> **WORK INSTRUCTION**
List all lines of the data that include the string "straight".

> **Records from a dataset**
****
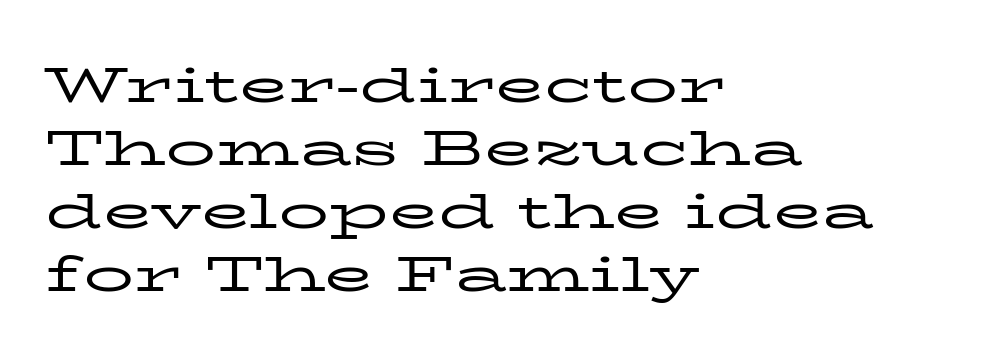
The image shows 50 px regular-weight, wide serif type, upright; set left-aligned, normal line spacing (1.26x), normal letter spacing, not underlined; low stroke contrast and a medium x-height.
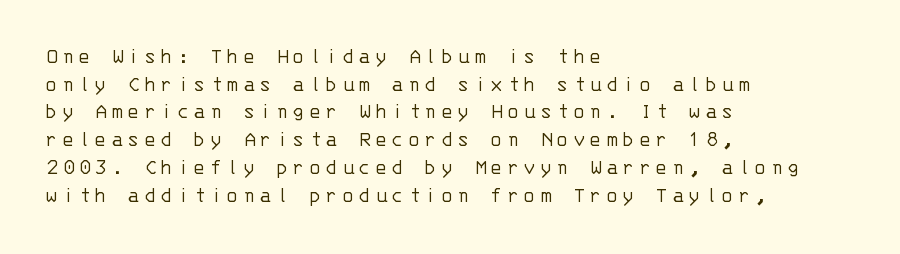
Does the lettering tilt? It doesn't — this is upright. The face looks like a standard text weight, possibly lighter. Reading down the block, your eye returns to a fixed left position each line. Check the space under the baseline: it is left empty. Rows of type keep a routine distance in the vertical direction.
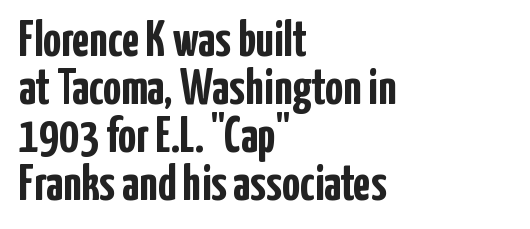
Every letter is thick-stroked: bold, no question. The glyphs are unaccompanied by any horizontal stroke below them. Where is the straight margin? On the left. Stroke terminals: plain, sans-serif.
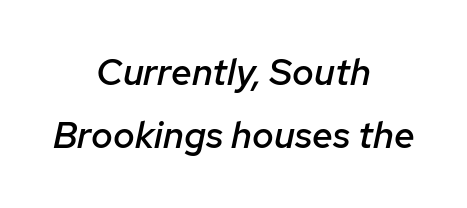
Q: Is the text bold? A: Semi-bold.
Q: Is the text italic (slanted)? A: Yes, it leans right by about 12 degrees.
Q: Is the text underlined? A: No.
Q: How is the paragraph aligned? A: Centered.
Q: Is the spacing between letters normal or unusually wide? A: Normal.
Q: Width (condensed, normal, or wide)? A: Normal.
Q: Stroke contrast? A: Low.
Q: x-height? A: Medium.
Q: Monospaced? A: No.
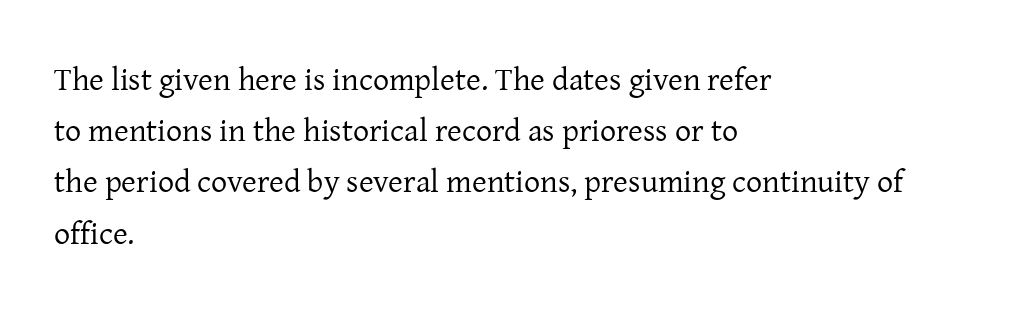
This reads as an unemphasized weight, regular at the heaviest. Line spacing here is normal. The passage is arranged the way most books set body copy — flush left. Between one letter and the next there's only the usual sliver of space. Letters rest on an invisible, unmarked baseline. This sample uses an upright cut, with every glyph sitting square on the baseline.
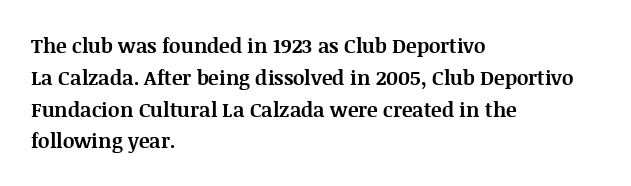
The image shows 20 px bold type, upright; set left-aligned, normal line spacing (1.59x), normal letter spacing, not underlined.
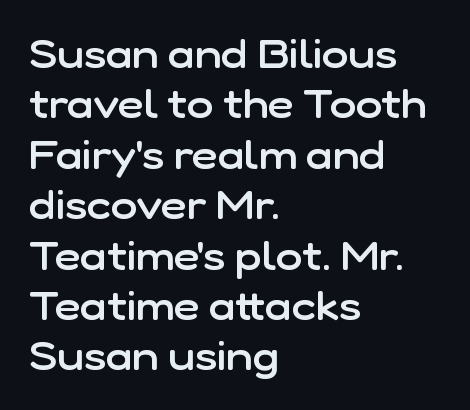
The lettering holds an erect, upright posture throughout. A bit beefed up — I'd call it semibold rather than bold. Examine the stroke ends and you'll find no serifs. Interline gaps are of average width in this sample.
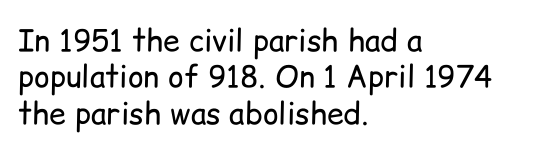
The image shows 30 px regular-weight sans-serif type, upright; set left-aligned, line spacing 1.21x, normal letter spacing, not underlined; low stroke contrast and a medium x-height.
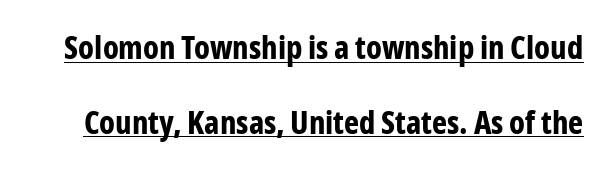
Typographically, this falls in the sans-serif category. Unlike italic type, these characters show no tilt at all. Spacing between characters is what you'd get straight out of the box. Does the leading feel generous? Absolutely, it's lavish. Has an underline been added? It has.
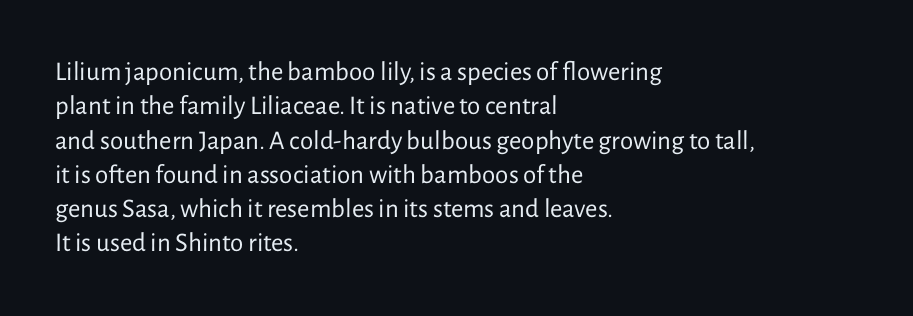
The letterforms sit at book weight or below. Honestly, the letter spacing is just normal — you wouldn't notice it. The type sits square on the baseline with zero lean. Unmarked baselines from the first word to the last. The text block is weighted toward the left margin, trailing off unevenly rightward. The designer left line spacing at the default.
****
> **RESPONSE TO THE TASK**
Every letter is thick-stroked: bold, no question. The glyphs are unaccompanied by any horizontal stroke below them. Where is the straight margin? On the left. Stroke terminals: plain, sans-serif.
Typographically, this falls in the sans-serif category. Unlike italic type, these characters show no tilt at all. Spacing between characters is what you'd get straight out of the box. Does the leading feel generous? Absolutely, it's lavish. Has an underline been added? It has.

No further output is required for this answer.